HAL reference (Princeton)

HAL uses a similar loop but with:

  • OpenAI function calling as the tool interface
  • BrowserBase / Playwright for real browser automation
  • Code interpreter sandbox (Jupyter kernel)
  • Larger token budget per turn (4096+)
  • Full 300-question evaluation set

Key differences

Dimension ruflo HAL reference Gap
Question count 53 (partial L1) 300 (full L1) Use --limit 165 for full L1
Web search DuckDuckGo / Google CSE BrowserBase live Add Playwright or Browserless
Code execution python_exec stub Real Jupyter kernel Implement real sandbox
Image OCR image_describe (Gemini) GPT-4V / Gemini Functionally equivalent
File handling file_read Full PDF/XLSX/ZIP parser Expand file_read
Self-consistency voting.ts (Track A) Not in reference ruflo advantage
Hardness routing predictor.ts (Track Q) Not in reference ruflo advantage
Memory AgentDB HNSW None ruflo advantage
Pass-rate L1 ~20.8% (iter 23) 74.6% (HAL Sonnet 4.5) ~54 pp gap

Gap analysis

Primary gaps (high impact)

  1. Real code execution — many L2/L3 questions require running Python to compute a numerical answer. The current python_exec tool is a stub. Implementing a real sandbox (E2B, Pyodide, or subprocess) is the single highest-ROI change.
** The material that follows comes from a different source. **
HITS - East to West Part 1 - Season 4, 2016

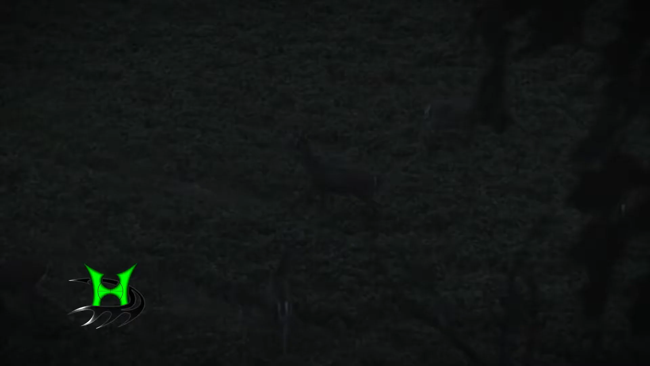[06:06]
he was awarded a shot at his number one hit list buck.
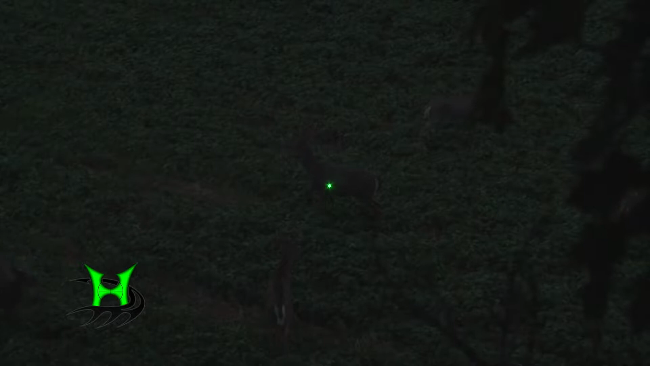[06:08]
Okay, I just went down and grabbed the arrow.

  2. Full question set — running 53/300 L1 questions underestimates true pass-rate because the first 53 skew easier. Run --limit 165 (full L1) for a comparable HAL score.
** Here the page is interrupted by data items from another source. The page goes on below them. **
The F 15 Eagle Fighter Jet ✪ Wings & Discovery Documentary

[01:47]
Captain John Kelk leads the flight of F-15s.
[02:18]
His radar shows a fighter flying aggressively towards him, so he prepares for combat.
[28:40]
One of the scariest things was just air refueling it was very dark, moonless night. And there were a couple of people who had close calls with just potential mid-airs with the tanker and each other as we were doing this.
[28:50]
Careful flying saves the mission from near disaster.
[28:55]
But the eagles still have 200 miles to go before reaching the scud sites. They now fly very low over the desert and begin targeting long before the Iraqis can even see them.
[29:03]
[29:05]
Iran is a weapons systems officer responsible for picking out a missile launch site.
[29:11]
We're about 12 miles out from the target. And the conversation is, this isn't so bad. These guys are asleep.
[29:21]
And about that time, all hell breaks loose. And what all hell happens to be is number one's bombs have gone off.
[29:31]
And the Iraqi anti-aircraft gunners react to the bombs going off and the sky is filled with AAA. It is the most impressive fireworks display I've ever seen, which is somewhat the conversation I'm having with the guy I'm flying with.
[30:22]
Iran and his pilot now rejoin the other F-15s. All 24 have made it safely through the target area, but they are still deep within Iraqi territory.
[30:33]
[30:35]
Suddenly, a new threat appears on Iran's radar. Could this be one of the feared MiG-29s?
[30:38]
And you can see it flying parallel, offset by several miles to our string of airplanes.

  3. Real browserweb_browse currently fetches raw HTML. Replacing it with Playwright/Browserless for JavaScript-rendered pages would unlock many web navigation questions.
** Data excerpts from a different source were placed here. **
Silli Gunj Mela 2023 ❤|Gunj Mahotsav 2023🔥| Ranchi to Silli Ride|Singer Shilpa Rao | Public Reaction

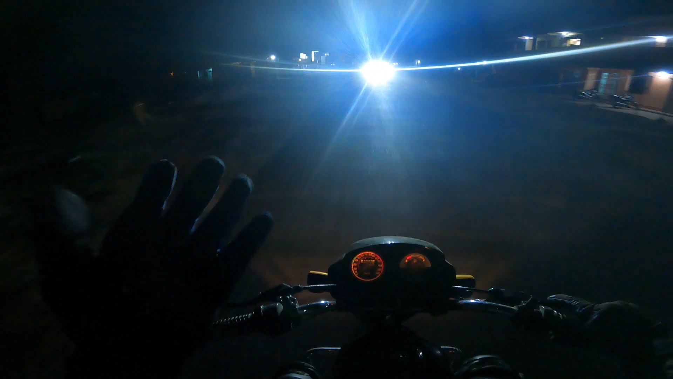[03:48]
तो इसीलिए उसको दे दिए उसको।
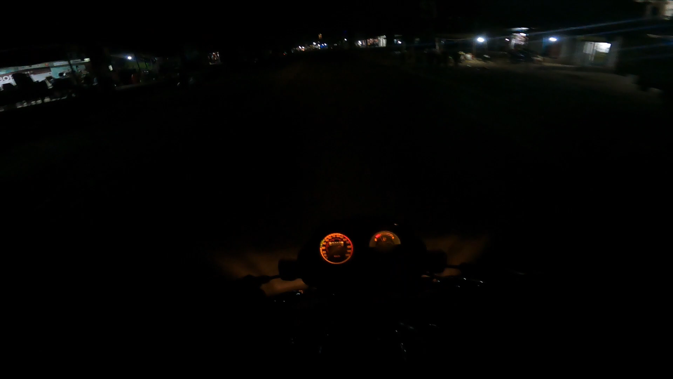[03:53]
तो गाइस, अभी समय का कुछ अता पता नहीं है, लेकिन हम लोग इतना पता है कि गुंदली पोखर पहुंच चुके हैं। ओ आगे लाइट तो भयानक है,
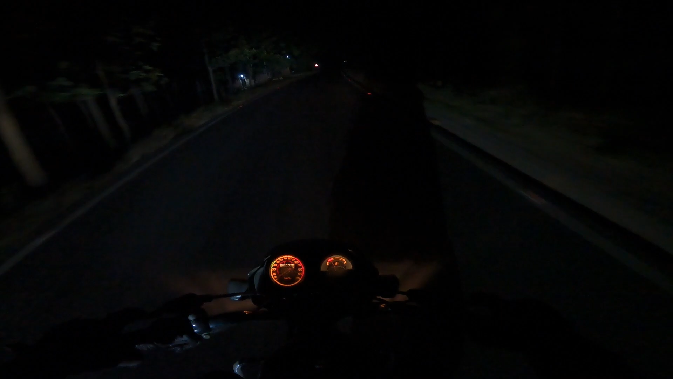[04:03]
अभी दिख रहा होगा लाइट से थोड़ा थोड़ा। KTM से टक्कर ले रहे हैं अभी हम लोग, गजब बेइज्जती है।
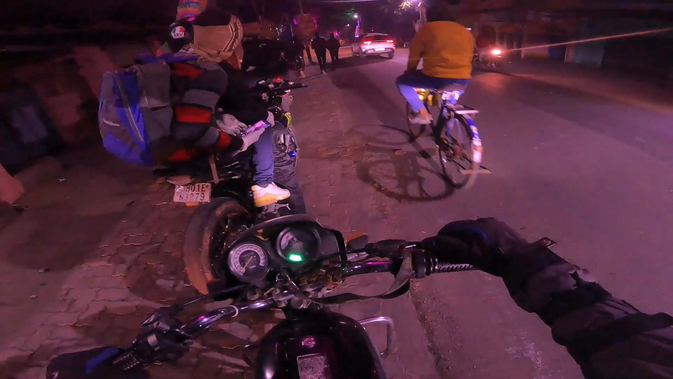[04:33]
अली सिल्ली पहुंच गए हैं, और सिल्ली पहुंचने के बाद हमें अपना जो CBR वाले दोस्त हैं हरीश भाई,

Secondary gaps (medium impact)

  1. Structured file parsing — PDF, XLSX, and ZIP attachments require dedicated parsers. file_read currently handles plain text and images only.

  2. Turn budget — 12 turns may be insufficient for complex multi-step questions. HAL uses up to 20 turns for L3.

  3. System prompt tuning — HAL's system prompt is more elaborate and explicitly instructs the model to use tools before answering.

ruflo advantages

  1. Self-consistency voting (Track A) — running N attempts per question and taking the majority answer reduces variance on borderline questions. HAL does not implement this.

  2. Hardness routing (Track Q) — routing each question to an appropriate model and turn budget based on predicted difficulty. This reduces cost on easy questions while providing more resources for hard ones.

  3. AgentDB memory — storing patterns across runs enables the agent to recall successful strategies for similar question types.

Improvement roadmap

Priority Change Expected Lift Effort
P0 Real python_exec sandbox (E2B) +15-25 pp High
P0 Full 165-Q L1 evaluation Accurate baseline Low
P1 Playwright-based web_browse +5-10 pp Medium
P1 PDF/XLSX file parser +3-8 pp Medium
P2 Increase max-turns to 20 for L2/L3 +2-5 pp Low
P2 System prompt tuning (iter 30 research) +2-5 pp Low
P3 Google Grounding via Gemini (iter 32) +3-7 pp Medium
P3 Multi-provider routing (Gemini Flash for cheap Q's) Cost reduction Medium

Loading context from past research

npx @claude-flow/cli@latest memory search \
  --namespace gaia-patterns \
  --query "architecture comparison HAL benchmark"

Storing comparison findings

npx @claude-flow/cli@latest memory store \
  --namespace gaia-patterns \
  --key "architecture-comparison-$(date +%Y%m%d)" \
  --value "HAL gap: 54pp. Primary: python_exec stub. Secondary: browser, file parsing."